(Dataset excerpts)
%%

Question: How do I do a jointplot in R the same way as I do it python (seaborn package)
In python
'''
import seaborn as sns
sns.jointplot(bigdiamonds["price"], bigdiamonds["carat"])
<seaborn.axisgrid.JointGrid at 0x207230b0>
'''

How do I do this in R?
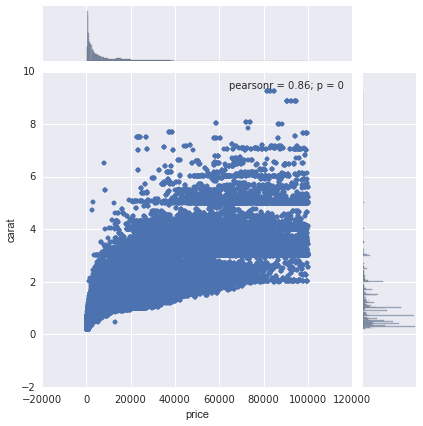
Answer: Thanks Marius
I did this from the blog post
'''
devtools::install_github("WinVector/WVPlots")
library(WVPlots)
ScatterHist(diamonds, "price", "carat")
'''
and got this
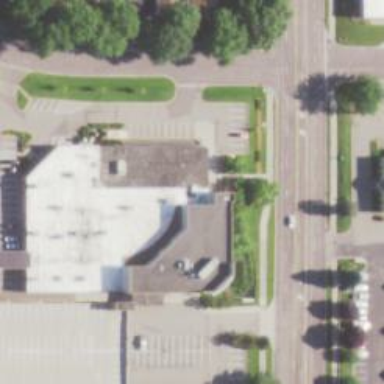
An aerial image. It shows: Clinic building.
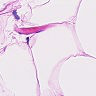
Metastatic tissue present: no
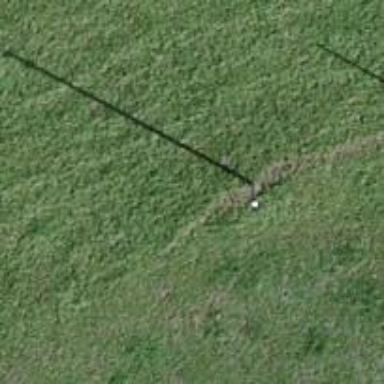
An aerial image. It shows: Power pole.
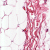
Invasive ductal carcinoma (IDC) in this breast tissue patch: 0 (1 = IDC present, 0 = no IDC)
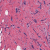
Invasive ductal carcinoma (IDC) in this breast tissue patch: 1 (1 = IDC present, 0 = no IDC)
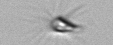
Label: Calciopappus
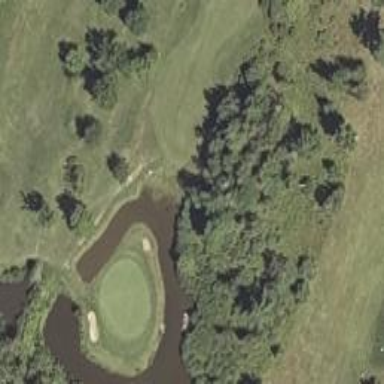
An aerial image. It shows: View of golf hole.
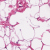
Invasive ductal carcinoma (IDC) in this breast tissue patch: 0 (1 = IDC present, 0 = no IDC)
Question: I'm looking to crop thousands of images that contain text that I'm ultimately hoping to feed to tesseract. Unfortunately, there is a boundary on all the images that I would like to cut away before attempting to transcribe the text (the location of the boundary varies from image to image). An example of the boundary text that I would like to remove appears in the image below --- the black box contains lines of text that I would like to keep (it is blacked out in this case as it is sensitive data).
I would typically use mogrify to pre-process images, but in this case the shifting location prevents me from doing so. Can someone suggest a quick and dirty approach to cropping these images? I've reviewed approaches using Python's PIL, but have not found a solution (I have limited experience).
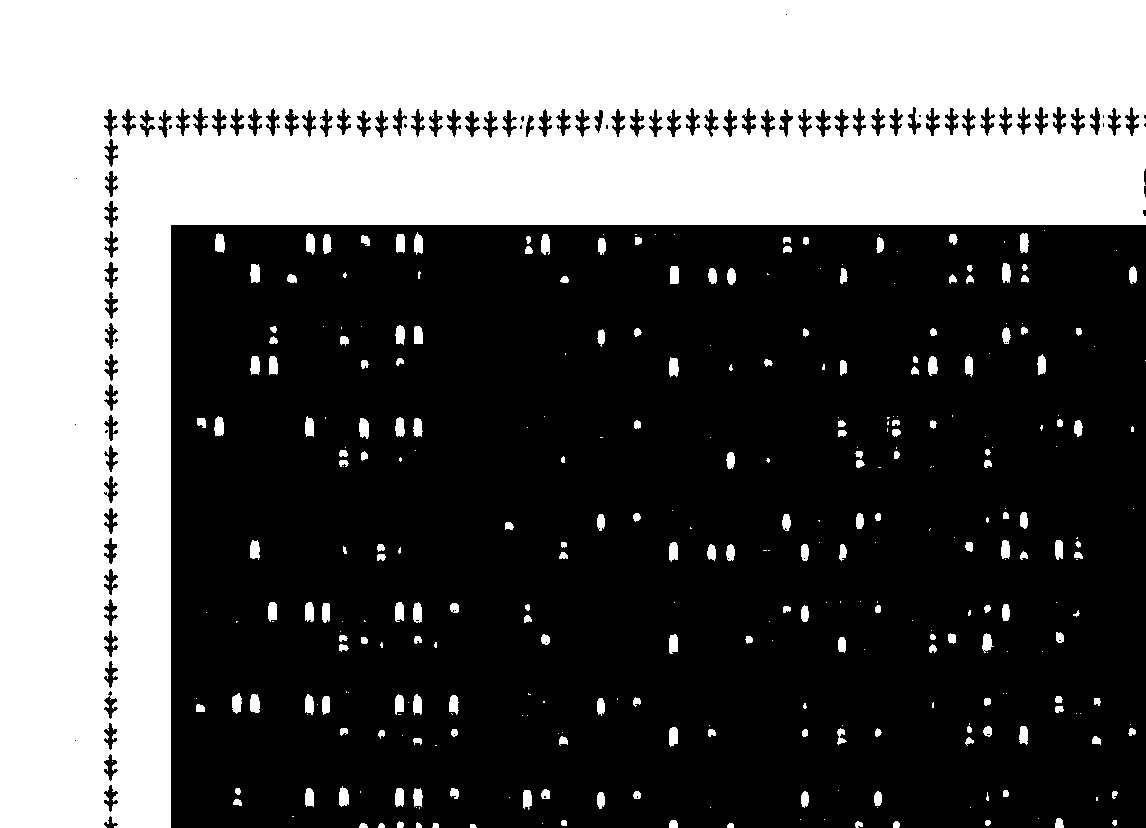
Answer: Due to the unpredictable margin lengths I was forced to use template matching instead. The python example <URL>, N, S, E, and W are selected from the original image and templates are matched within these regions.
For those interested, I chose a random selection of images from the image set and extracted my templates from this set. I then decide where the cutting edge was based on a majority vote between the templates in each region.
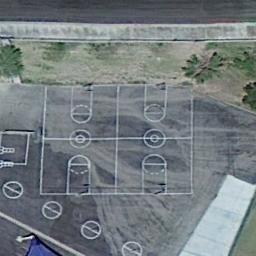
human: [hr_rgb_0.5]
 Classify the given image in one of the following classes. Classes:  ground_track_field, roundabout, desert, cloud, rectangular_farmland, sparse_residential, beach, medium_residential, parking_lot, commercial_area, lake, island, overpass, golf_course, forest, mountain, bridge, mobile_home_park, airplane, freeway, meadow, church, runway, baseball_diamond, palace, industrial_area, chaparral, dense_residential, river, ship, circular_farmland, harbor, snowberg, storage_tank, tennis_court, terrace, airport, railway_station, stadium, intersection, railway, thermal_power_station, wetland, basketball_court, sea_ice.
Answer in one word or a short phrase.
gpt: basketball_court
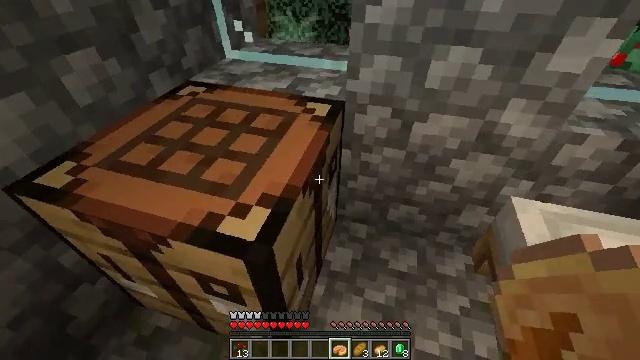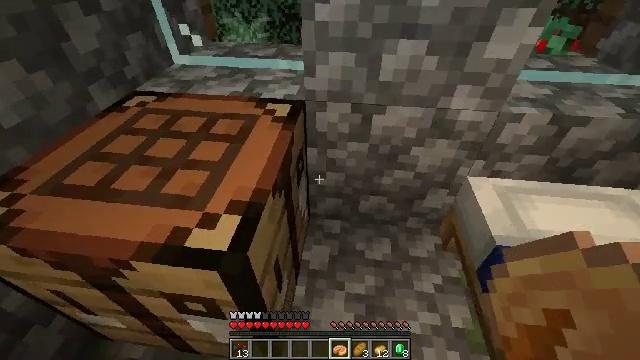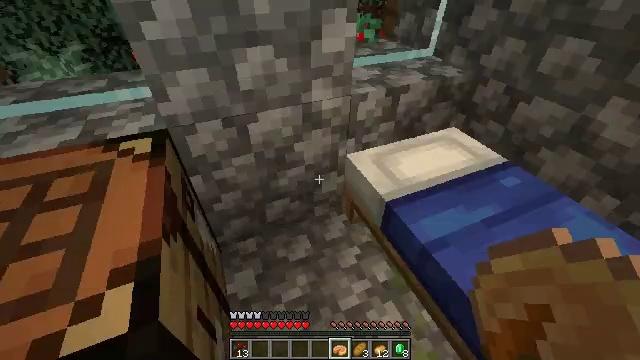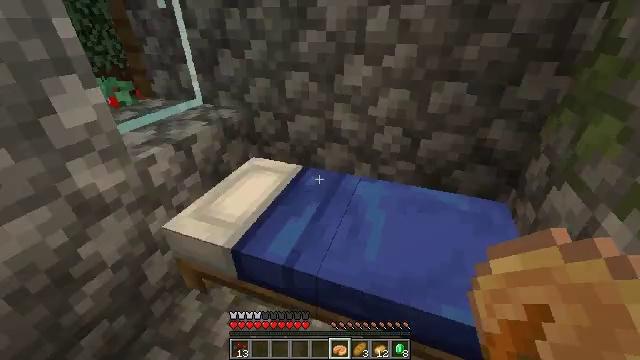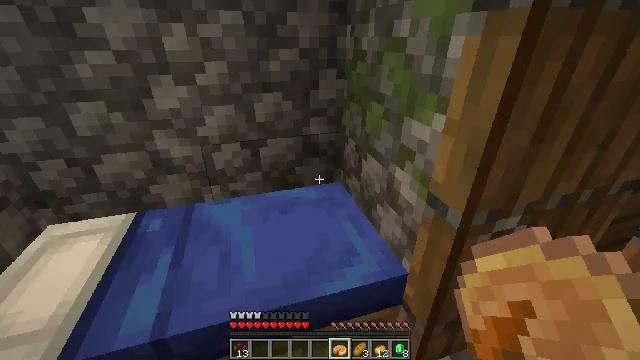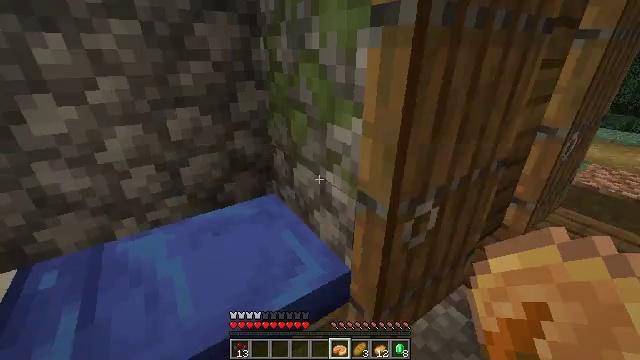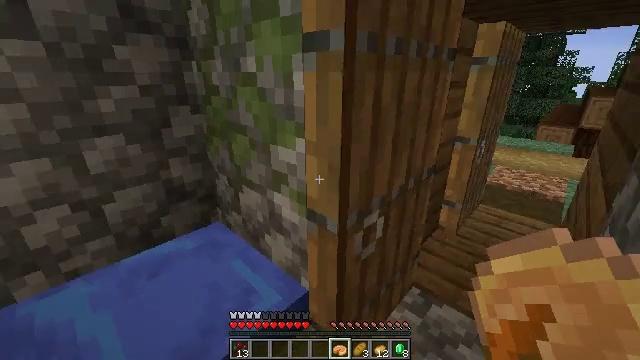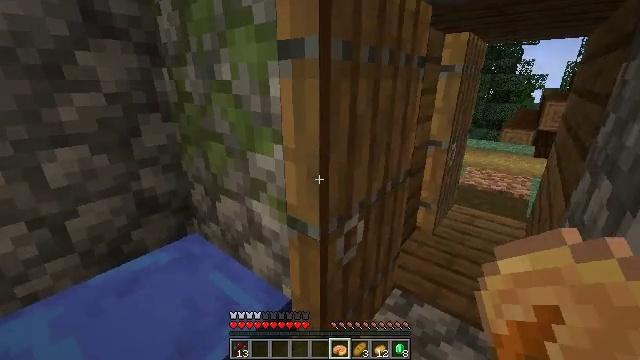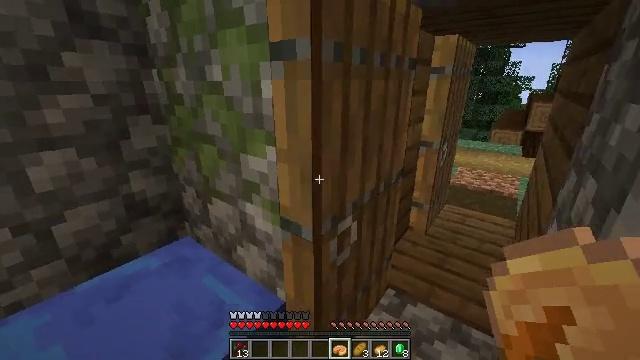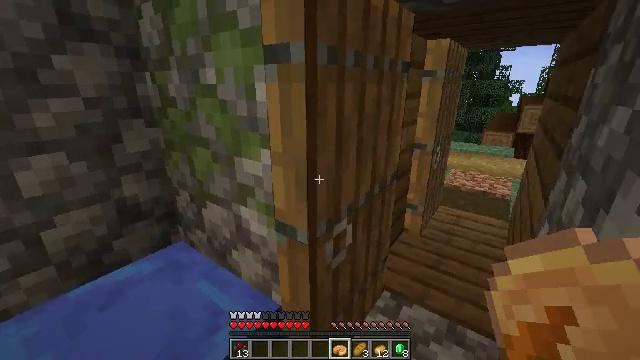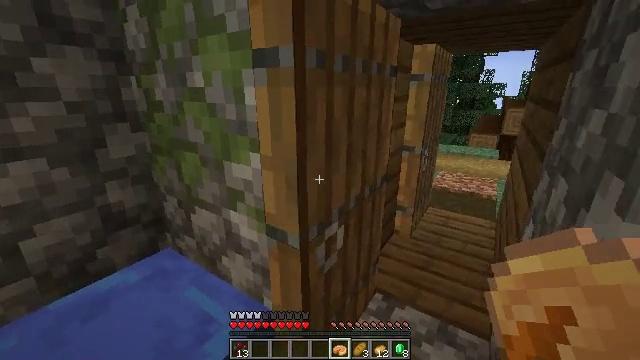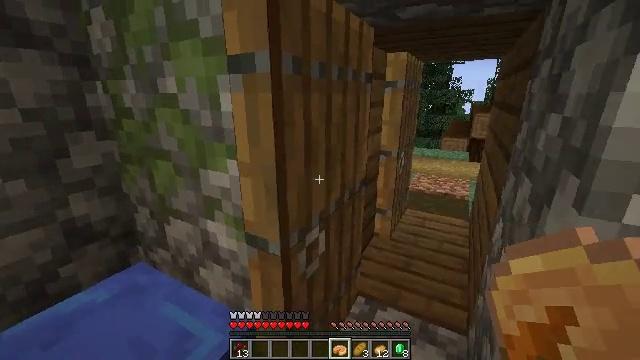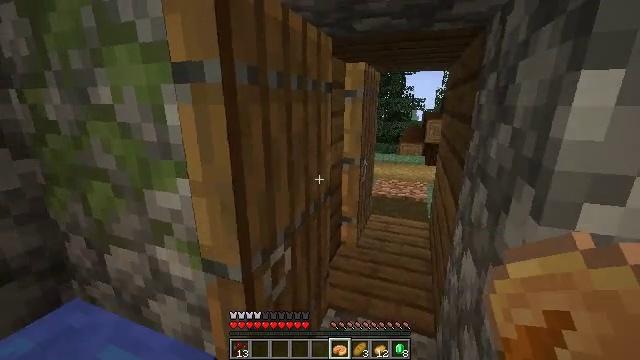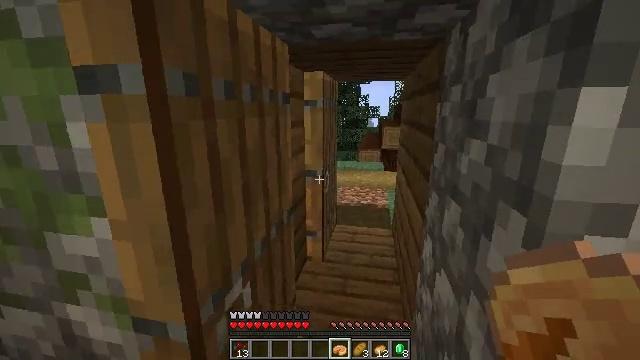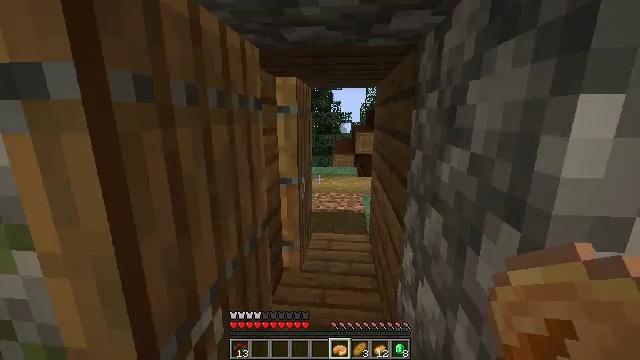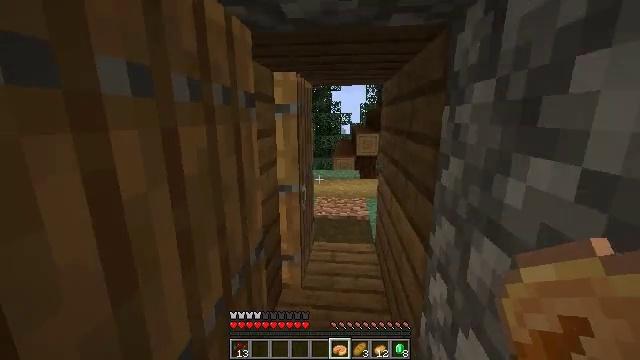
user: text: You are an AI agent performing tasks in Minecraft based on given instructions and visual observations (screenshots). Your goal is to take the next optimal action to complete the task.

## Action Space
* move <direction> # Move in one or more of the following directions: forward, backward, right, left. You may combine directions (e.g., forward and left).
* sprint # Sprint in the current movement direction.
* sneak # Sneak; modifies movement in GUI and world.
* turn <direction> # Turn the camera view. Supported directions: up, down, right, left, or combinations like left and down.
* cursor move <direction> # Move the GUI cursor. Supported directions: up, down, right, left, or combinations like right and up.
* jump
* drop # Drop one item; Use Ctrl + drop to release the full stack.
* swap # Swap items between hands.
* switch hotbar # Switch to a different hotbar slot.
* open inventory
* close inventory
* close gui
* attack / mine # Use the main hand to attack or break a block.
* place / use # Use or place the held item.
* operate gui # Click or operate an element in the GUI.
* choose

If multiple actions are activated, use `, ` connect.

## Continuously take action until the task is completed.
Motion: motion action
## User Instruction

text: Collect the purple carpet.
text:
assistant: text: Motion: turn right
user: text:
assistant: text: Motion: turn right and up
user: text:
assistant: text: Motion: turn right and up
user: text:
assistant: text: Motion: turn right and up
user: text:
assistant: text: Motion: turn right and up
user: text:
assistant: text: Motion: turn right and up
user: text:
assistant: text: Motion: turn right and up
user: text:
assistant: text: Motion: turn right
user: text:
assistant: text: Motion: turn right
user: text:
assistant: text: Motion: turn right
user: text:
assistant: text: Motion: turn right and up
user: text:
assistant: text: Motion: move forward, turn right and up
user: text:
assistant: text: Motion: move forward, turn right and up
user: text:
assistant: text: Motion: move forward, turn right and up
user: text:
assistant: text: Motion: move forward
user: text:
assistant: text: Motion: move forward
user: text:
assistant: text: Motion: move forward
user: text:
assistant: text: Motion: move forward
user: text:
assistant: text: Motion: move forward
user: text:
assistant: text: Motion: move forward
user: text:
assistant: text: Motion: move forward
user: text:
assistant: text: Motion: move forward
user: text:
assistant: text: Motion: move forward
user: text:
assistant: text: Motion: move forward and move right
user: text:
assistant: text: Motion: move forward and move right, turn left and up
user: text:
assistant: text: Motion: move forward and move right, turn left and up
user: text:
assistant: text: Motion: move forward and move right, turn left and up
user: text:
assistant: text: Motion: move forward and move right
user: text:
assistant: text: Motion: move forward and move right
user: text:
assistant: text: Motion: move forward and move right
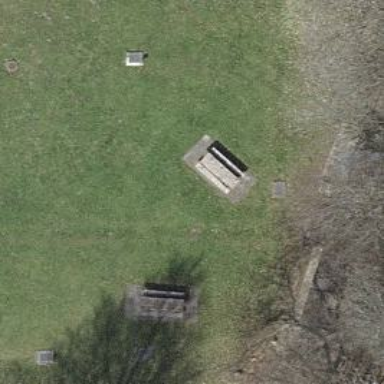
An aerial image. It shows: Picnic table located in leisure land area.
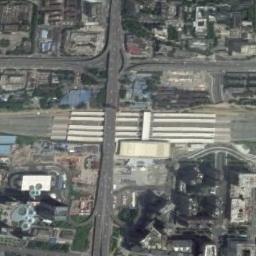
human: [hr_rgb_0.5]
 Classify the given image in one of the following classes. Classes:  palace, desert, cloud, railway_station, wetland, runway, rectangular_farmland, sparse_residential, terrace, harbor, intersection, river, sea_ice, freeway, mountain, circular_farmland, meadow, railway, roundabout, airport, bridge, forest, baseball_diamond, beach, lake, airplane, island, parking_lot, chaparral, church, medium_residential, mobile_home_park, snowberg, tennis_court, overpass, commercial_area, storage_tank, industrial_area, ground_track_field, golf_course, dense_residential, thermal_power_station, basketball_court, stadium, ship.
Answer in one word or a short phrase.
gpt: railway_station
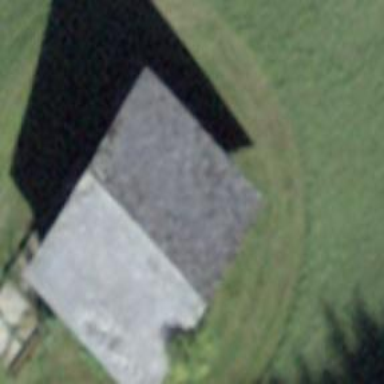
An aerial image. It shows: Rural barn.
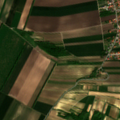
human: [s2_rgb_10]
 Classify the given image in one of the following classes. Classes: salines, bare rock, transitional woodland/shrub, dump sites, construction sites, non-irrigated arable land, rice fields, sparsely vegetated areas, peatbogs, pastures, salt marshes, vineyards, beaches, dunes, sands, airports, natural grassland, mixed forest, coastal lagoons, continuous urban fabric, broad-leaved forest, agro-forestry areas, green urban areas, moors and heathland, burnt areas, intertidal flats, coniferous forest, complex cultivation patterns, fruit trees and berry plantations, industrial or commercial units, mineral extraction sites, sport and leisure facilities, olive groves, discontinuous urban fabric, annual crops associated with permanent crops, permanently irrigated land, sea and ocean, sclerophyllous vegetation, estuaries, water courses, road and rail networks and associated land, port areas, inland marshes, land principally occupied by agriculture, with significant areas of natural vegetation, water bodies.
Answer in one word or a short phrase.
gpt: discontinuous urban fabric, non-irrigated arable land, vineyards, land principally occupied by agriculture, with significant areas of natural vegetation

%%

** EXERCISE **
Your reply should hold every line from the data that contains "vegetation", copied in full.

** THE ANSWER **
 Classify the given image in one of the following classes. Classes: salines, bare rock, transitional woodland/shrub, dump sites, construction sites, non-irrigated arable land, rice fields, sparsely vegetated areas, peatbogs, pastures, salt marshes, vineyards, beaches, dunes, sands, airports, natural grassland, mixed forest, coastal lagoons, continuous urban fabric, broad-leaved forest, agro-forestry areas, green urban areas, moors and heathland, burnt areas, intertidal flats, coniferous forest, complex cultivation patterns, fruit trees and berry plantations, industrial or commercial units, mineral extraction sites, sport and leisure facilities, olive groves, discontinuous urban fabric, annual crops associated with permanent crops, permanently irrigated land, sea and ocean, sclerophyllous vegetation, estuaries, water courses, road and rail networks and associated land, port areas, inland marshes, land principally occupied by agriculture, with significant areas of natural vegetation, water bodies.
gpt: discontinuous urban fabric, non-irrigated arable land, vineyards, land principally occupied by agriculture, with significant areas of natural vegetation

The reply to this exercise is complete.